═══ DATA SHOWN

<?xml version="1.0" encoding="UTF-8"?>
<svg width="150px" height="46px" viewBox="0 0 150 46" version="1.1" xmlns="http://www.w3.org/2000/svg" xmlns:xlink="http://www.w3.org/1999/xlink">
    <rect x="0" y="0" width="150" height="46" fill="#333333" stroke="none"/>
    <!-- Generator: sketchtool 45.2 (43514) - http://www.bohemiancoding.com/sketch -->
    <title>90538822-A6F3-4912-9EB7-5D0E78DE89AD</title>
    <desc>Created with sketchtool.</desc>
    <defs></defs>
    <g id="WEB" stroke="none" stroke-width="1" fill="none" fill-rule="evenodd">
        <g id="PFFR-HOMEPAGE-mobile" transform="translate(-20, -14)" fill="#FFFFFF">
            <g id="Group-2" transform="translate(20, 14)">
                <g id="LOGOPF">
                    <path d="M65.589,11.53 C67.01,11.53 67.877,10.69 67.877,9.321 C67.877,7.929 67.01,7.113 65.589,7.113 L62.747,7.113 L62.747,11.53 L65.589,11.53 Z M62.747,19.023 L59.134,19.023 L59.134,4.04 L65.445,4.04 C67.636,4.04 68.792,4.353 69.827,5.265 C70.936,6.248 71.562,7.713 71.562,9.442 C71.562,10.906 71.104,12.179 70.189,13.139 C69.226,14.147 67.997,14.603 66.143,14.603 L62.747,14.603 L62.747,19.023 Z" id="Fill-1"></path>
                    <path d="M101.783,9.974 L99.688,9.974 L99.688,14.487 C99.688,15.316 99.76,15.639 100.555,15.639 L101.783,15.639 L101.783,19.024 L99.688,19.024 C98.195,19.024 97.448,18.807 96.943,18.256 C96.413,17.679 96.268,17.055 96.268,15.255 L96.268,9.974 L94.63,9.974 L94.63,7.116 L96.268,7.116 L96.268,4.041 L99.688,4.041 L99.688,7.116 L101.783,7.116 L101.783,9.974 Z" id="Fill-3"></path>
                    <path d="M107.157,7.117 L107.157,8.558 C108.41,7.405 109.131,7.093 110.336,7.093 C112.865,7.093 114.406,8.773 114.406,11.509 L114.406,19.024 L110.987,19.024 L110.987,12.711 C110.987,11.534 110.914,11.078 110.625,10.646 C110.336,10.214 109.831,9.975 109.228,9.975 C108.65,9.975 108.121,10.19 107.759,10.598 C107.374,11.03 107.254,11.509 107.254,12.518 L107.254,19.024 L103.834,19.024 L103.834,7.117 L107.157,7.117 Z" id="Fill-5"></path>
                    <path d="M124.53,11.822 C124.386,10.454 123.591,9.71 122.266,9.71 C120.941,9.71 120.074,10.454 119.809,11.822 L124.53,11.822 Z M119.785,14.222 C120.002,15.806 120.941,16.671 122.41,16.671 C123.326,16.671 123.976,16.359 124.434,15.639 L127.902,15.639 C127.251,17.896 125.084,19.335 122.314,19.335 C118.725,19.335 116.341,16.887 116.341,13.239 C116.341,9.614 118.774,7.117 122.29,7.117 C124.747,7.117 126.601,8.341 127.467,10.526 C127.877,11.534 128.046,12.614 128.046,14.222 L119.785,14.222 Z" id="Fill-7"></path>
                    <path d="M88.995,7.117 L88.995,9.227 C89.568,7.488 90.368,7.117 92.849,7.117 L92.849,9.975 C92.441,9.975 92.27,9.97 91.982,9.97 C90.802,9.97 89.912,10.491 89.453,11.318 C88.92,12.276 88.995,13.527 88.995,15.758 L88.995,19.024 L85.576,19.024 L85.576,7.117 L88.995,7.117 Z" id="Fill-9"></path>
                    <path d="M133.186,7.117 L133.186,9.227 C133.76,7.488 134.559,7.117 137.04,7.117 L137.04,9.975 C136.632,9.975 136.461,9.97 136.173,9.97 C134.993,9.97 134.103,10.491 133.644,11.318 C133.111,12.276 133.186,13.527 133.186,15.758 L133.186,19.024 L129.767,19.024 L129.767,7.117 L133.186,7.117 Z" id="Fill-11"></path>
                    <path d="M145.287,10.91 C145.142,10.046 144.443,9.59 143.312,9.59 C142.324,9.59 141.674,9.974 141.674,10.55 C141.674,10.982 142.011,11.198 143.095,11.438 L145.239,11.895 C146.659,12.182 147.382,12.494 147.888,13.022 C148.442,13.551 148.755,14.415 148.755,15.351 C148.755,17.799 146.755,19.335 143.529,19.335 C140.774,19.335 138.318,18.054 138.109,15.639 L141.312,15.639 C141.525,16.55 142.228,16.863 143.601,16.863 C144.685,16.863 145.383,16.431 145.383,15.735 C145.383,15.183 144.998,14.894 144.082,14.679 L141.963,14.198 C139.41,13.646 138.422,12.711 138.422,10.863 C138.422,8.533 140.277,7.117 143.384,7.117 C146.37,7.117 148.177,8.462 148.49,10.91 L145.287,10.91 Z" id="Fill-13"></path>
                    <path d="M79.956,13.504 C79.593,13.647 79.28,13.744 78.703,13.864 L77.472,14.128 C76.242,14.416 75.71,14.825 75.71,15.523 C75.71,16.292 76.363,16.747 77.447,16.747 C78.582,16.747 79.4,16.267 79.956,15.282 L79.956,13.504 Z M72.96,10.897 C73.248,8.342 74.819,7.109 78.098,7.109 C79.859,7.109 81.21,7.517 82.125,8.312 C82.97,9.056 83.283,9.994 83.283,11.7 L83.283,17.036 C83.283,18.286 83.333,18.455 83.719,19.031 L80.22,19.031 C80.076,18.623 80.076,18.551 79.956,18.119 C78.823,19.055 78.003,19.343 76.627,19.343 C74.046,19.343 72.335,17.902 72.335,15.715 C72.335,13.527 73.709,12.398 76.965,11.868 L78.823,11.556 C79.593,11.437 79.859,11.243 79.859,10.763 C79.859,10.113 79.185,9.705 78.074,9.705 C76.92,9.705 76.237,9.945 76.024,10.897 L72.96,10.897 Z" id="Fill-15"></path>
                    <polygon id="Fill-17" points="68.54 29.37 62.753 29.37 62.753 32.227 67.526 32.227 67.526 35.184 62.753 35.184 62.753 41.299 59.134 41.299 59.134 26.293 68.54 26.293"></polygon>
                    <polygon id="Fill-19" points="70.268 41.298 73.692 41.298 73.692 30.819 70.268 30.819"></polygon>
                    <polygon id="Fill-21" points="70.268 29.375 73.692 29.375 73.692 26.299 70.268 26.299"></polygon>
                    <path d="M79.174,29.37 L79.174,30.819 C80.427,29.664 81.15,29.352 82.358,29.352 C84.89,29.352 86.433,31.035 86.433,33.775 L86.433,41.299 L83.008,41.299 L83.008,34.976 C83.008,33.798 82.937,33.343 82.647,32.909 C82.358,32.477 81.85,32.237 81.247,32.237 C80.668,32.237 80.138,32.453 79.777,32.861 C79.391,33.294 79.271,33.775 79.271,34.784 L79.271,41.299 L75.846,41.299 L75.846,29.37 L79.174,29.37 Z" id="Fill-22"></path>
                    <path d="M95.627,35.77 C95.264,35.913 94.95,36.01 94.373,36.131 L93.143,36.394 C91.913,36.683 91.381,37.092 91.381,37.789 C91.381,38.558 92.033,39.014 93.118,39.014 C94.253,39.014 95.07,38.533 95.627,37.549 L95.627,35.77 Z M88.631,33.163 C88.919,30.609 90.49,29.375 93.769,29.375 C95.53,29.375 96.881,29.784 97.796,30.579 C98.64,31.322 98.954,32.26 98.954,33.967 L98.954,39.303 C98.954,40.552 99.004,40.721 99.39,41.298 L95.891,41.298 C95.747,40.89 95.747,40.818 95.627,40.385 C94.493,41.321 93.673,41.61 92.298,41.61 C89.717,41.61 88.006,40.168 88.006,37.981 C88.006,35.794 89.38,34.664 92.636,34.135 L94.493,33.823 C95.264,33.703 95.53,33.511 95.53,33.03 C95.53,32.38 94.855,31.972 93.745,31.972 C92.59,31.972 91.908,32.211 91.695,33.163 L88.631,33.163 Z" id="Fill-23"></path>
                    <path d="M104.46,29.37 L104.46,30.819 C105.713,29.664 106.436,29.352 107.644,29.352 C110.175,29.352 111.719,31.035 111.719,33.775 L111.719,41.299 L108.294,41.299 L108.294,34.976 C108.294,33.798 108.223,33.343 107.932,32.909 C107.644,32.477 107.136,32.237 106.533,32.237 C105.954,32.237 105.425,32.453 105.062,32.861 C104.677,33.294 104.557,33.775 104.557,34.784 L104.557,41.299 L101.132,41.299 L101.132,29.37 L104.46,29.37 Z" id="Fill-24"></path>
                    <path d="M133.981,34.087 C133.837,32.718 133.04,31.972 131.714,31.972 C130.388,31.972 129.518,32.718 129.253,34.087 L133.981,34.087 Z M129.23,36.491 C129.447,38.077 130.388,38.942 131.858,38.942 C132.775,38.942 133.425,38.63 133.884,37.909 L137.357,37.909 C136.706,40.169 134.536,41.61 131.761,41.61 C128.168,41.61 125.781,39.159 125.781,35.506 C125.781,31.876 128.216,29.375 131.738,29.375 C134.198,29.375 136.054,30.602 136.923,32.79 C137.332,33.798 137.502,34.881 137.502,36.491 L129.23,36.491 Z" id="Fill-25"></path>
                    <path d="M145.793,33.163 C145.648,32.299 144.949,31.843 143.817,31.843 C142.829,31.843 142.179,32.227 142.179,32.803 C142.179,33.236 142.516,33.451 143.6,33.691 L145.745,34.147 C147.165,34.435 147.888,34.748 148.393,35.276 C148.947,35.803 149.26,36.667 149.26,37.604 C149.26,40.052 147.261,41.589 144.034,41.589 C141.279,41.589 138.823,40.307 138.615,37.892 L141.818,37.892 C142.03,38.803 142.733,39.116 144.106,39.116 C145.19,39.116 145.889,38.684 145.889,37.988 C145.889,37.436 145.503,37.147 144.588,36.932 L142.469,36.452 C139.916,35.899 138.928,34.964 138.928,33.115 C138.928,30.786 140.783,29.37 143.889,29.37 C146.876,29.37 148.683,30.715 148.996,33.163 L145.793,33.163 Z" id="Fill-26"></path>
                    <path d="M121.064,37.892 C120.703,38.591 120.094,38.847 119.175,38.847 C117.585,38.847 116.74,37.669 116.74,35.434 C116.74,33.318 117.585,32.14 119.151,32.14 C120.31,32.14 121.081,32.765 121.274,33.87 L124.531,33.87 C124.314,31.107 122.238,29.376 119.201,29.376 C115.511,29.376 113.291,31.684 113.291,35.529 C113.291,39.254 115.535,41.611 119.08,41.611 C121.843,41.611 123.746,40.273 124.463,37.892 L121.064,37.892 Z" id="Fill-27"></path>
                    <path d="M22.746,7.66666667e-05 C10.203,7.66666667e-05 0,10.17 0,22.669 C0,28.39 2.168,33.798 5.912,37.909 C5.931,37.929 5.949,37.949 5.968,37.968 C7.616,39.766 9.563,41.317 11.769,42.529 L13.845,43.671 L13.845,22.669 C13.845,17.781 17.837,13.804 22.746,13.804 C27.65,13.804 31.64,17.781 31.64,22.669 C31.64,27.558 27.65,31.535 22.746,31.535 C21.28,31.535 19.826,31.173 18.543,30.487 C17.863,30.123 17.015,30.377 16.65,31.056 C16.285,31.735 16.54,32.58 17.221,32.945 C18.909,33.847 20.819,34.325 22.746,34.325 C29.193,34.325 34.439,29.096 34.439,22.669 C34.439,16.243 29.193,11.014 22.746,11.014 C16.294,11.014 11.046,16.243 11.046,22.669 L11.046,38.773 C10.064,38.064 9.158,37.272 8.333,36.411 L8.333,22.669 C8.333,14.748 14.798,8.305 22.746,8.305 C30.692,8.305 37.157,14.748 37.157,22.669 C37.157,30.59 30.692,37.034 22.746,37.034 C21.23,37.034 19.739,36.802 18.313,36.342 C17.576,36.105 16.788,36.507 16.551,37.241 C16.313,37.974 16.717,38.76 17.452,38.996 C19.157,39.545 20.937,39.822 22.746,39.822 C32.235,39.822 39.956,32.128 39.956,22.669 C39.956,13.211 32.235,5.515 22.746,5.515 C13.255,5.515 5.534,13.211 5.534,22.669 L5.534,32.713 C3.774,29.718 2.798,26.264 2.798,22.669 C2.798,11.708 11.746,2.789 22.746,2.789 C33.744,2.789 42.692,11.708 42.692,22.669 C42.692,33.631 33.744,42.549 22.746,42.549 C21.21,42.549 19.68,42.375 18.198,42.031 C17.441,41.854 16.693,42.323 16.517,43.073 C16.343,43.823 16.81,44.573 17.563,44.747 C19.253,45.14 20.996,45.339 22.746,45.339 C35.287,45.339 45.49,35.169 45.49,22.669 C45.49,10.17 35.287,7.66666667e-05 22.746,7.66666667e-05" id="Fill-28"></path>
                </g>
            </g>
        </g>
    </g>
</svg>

══════
═══ DATA SHOWN

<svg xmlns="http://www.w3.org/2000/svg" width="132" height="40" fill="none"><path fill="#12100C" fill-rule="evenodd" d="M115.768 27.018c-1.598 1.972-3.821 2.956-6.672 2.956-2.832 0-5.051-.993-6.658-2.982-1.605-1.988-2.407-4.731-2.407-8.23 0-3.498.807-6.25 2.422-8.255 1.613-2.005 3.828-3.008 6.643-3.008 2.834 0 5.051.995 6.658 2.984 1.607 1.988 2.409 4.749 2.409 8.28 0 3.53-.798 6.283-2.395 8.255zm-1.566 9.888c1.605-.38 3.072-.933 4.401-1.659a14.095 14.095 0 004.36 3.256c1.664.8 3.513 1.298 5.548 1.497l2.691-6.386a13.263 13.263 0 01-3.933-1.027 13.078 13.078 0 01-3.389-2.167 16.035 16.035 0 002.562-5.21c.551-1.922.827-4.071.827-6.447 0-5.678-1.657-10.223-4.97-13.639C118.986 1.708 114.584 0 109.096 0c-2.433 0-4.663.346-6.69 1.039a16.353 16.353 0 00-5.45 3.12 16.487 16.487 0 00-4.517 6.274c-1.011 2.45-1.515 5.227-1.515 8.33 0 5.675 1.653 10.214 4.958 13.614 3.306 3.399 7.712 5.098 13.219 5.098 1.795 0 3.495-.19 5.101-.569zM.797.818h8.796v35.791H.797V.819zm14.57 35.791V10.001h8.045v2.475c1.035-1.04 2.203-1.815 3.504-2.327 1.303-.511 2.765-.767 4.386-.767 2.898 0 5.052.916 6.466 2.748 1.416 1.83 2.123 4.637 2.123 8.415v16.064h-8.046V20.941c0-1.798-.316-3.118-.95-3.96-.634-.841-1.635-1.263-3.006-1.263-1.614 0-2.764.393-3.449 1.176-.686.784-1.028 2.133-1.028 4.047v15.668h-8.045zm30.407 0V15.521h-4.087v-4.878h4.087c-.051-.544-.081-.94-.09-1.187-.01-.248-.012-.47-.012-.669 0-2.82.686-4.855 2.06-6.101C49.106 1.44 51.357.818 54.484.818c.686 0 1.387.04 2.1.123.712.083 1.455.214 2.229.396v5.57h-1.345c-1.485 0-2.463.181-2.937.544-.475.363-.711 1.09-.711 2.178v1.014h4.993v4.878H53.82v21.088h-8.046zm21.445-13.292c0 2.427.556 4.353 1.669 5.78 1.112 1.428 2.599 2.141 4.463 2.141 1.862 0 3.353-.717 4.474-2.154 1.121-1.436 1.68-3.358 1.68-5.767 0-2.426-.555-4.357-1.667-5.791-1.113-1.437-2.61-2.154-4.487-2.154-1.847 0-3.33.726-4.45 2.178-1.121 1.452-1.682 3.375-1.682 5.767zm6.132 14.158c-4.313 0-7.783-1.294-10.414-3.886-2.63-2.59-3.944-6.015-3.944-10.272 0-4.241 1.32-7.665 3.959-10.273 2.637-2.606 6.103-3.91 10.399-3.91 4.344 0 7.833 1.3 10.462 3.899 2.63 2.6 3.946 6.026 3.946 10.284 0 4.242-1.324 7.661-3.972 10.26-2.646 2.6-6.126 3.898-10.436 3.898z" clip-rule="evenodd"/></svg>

══════

### WHAT IS NEEDED
Where a line of the records contains the word "transform", copy that line.

### WORKED SOLUTION
        <g id="PFFR-HOMEPAGE-mobile" transform="translate(-20, -14)" fill="#FFFFFF">
            <g id="Group-2" transform="translate(20, 14)">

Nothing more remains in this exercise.